> WHAT THIS TASK INVOLVES:
Send back the records exactly as written, with no images.

> DATA TO PROCESS:
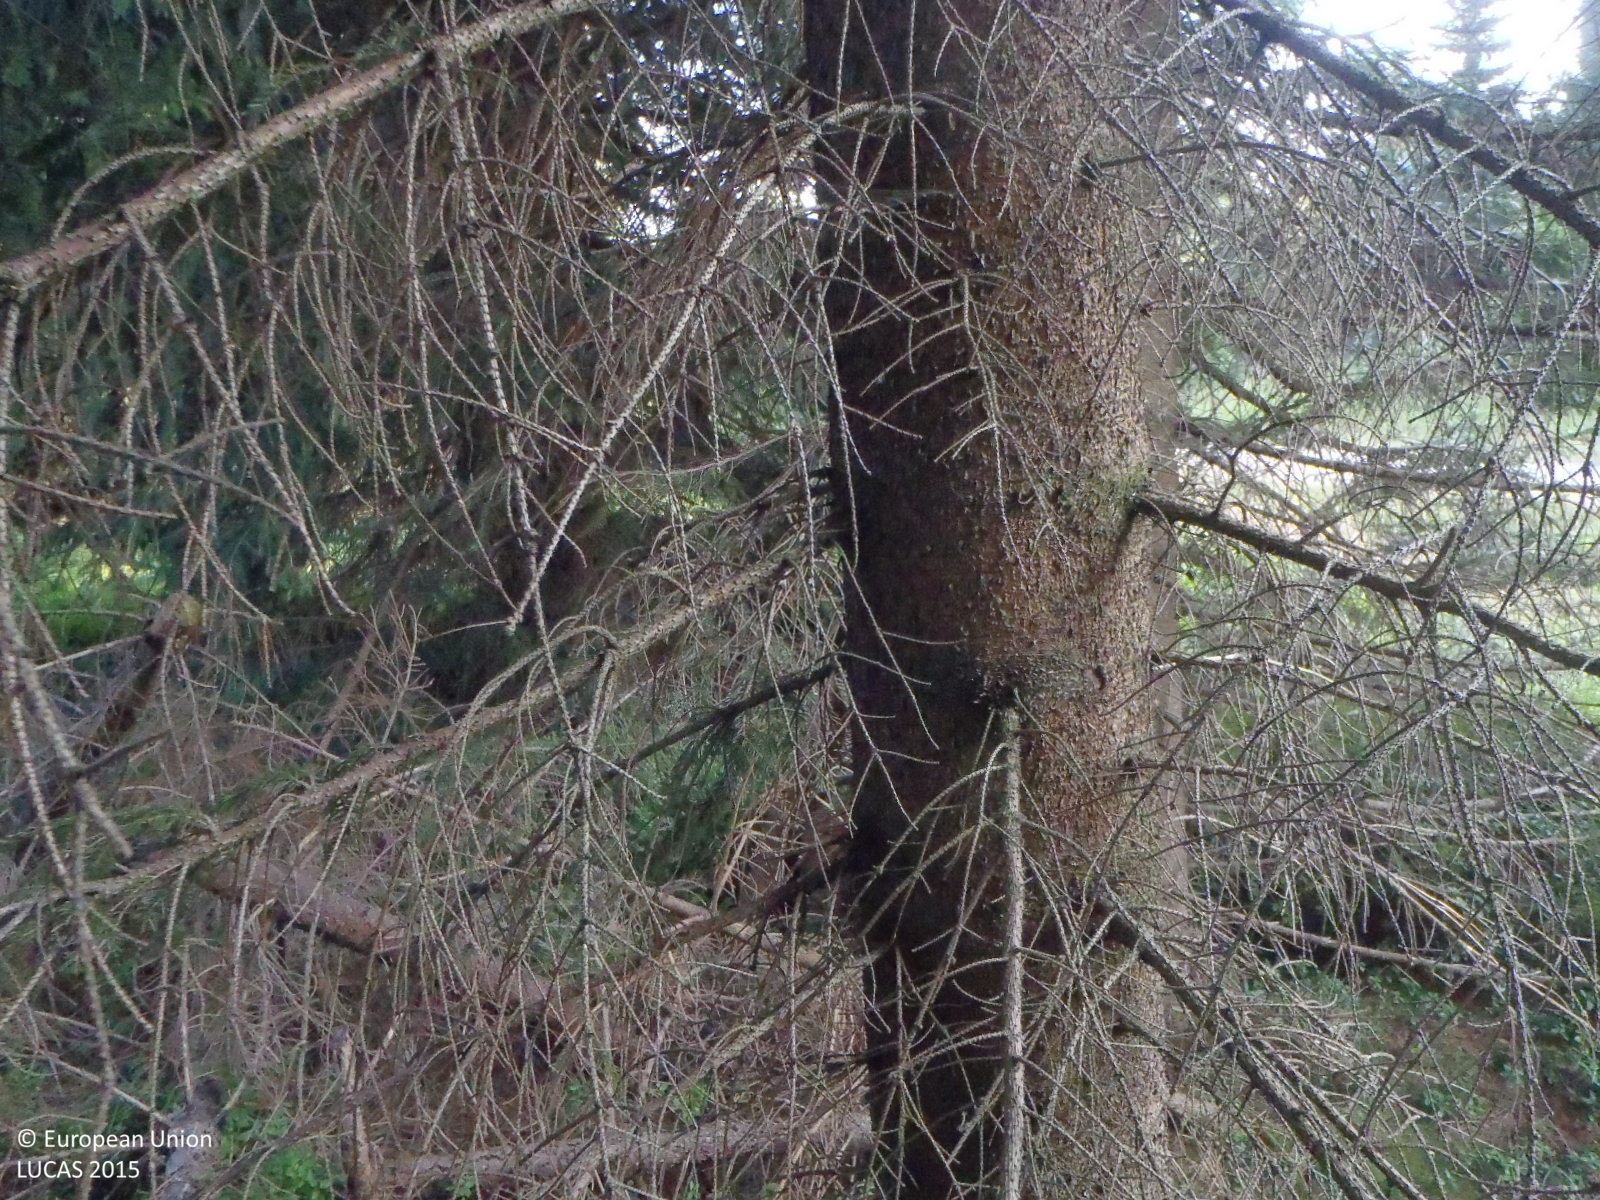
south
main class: Woodland
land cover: Spruce dominated coniferous woodland
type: hemiboreal forest and nemoral coniferous forest and mixed broadleaved-coniferous forest
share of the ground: > 75 %
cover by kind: coniferous forest trees 80 %, shrubs 10 %, herbaceous plants 10 %
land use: Forestry
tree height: > 5 m
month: August
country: CZ
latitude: 50.8551
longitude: 15.2738
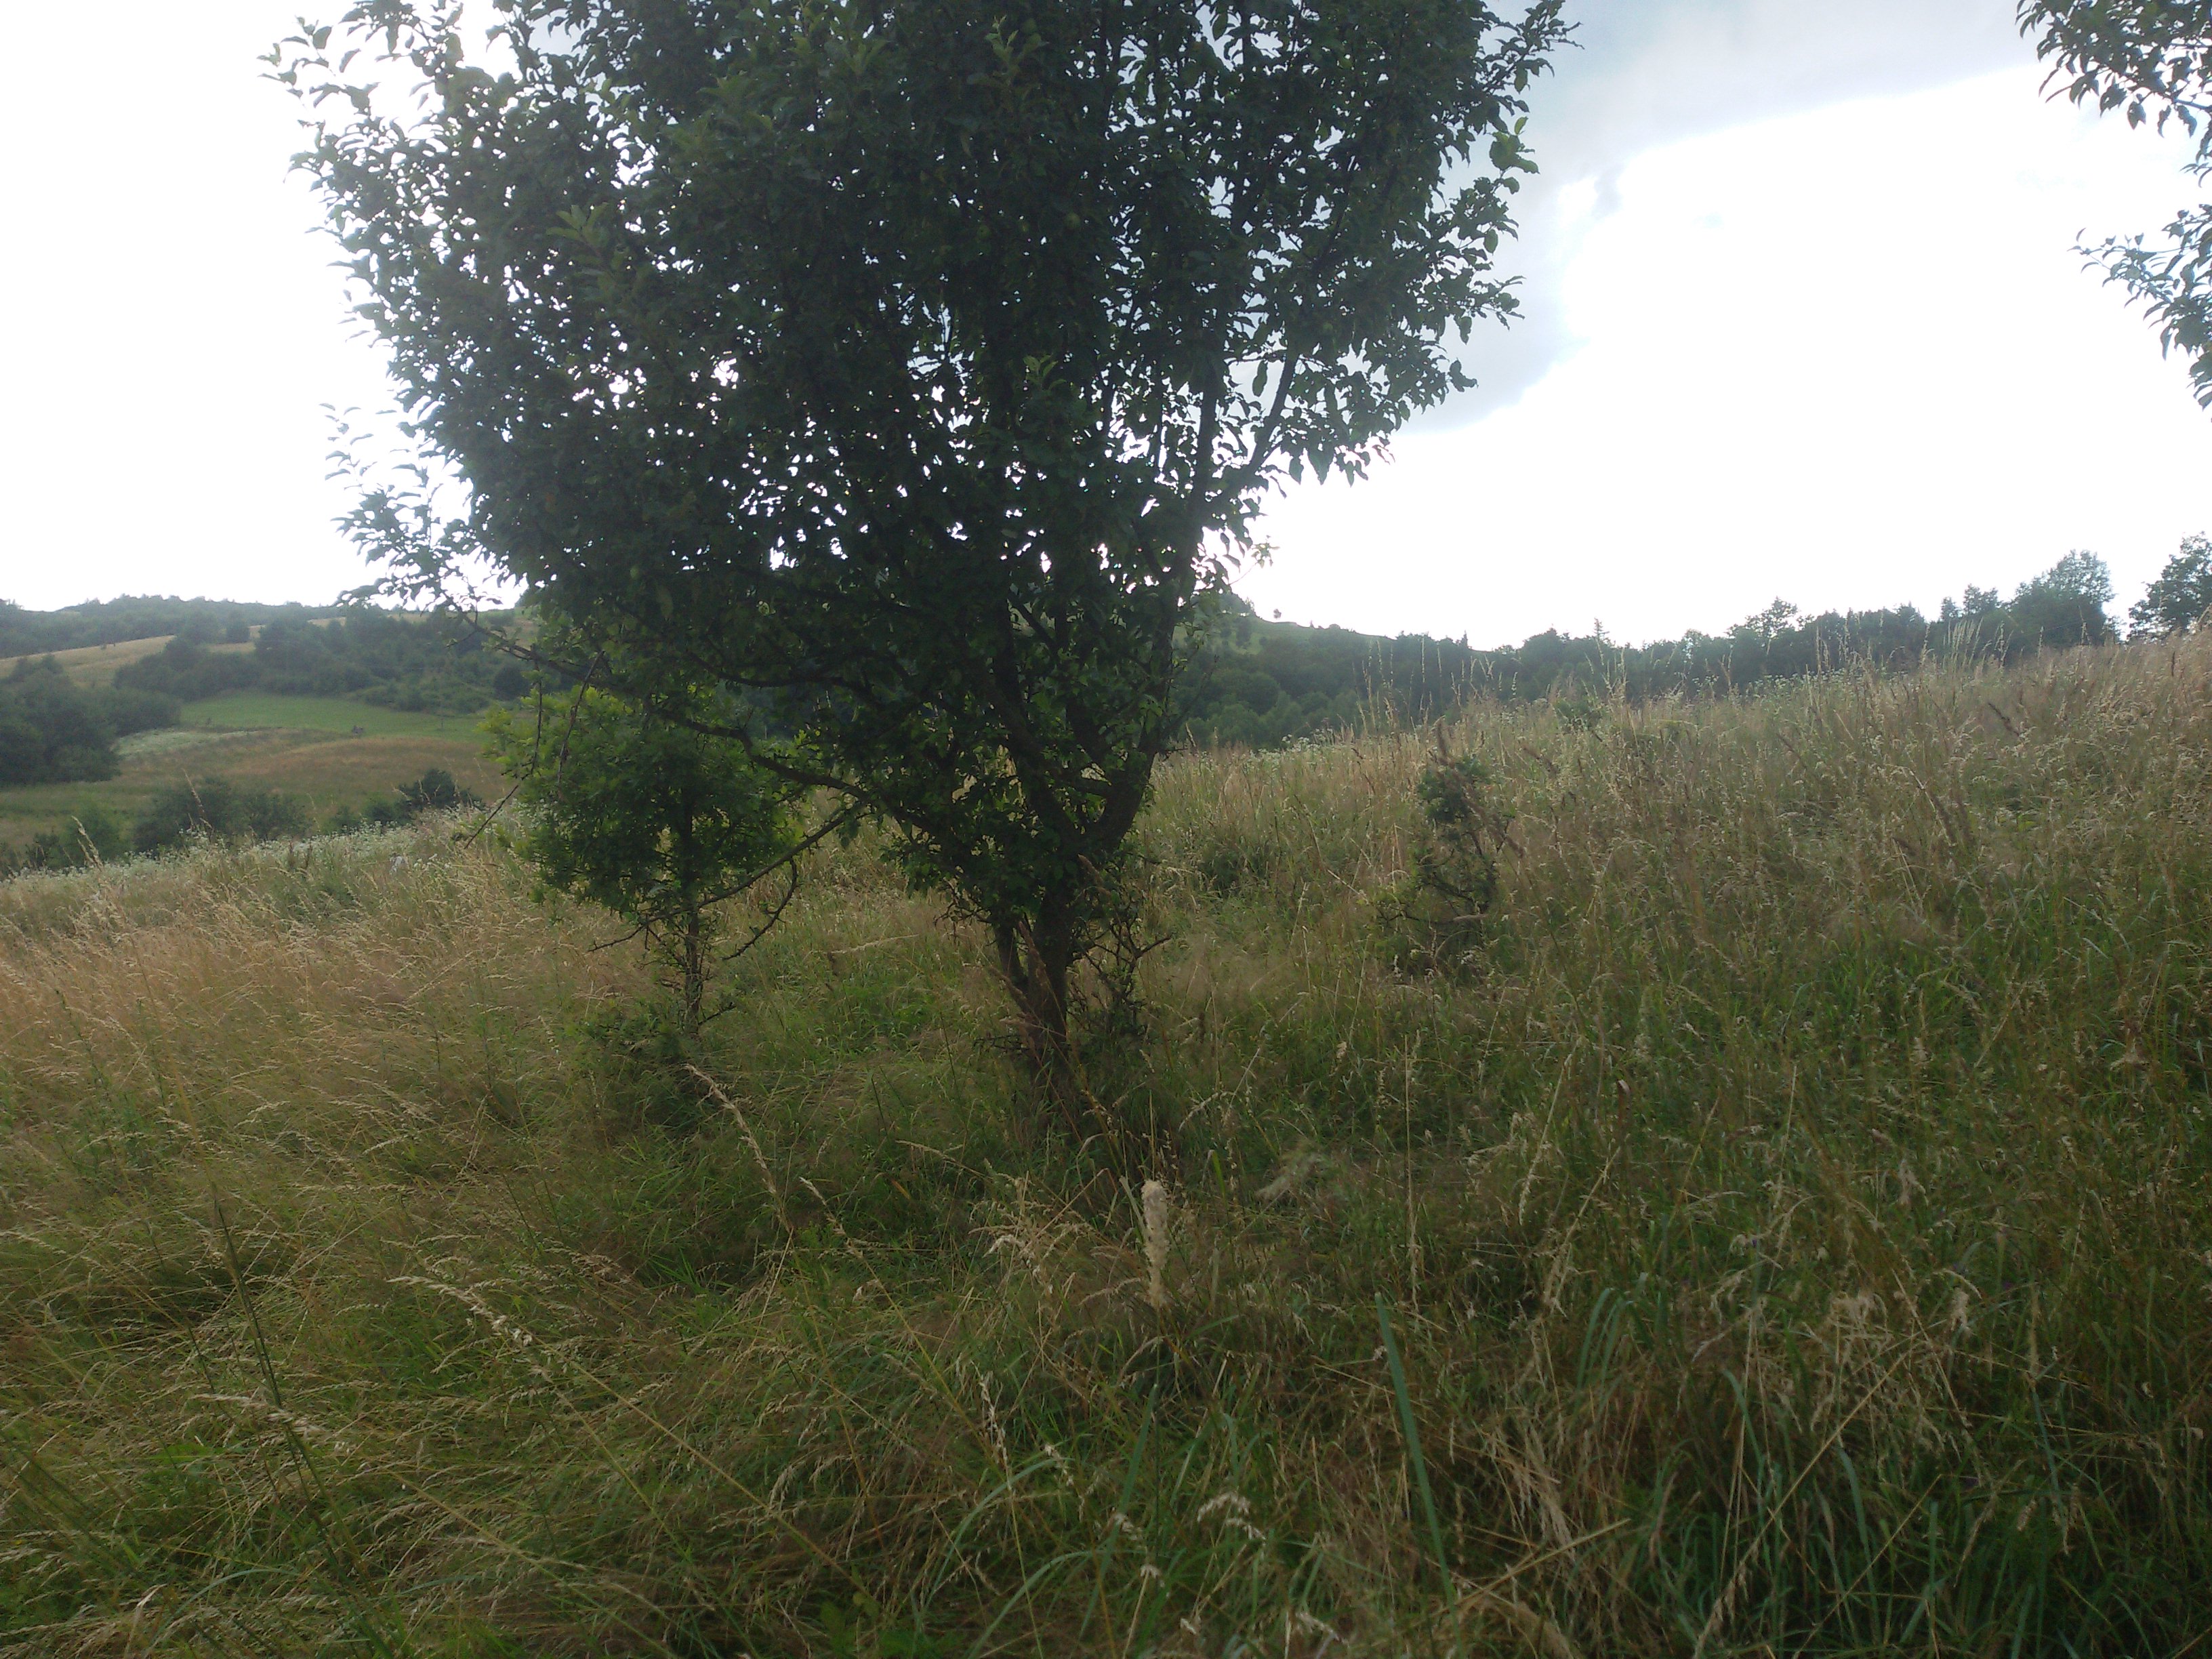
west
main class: Grassland
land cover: Grassland with sparse tree/shrub cover
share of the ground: > 75 %
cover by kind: herbaceous plants 90 %, broadleaved forest trees 5 %, shrubs 5 %
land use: Semi-natural and natural areas not in use
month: July
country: PL
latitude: 49.6673
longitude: 22.2395

> RESPONSE TO THE EXERCISE:
south
main class: Woodland
land cover: Spruce dominated coniferous woodland
type: hemiboreal forest and nemoral coniferous forest and mixed broadleaved-coniferous forest
share of the ground: > 75 %
cover by kind: coniferous forest trees 80 %, shrubs 10 %, herbaceous plants 10 %
land use: Forestry
tree height: > 5 m
month: August
country: CZ
latitude: 50.8551
longitude: 15.2738
west
main class: Grassland
land cover: Grassland with sparse tree/shrub cover
share of the ground: > 75 %
cover by kind: herbaceous plants 90 %, broadleaved forest trees 5 %, shrubs 5 %
land use: Semi-natural and natural areas not in use
month: July
country: PL
latitude: 49.6673
longitude: 22.2395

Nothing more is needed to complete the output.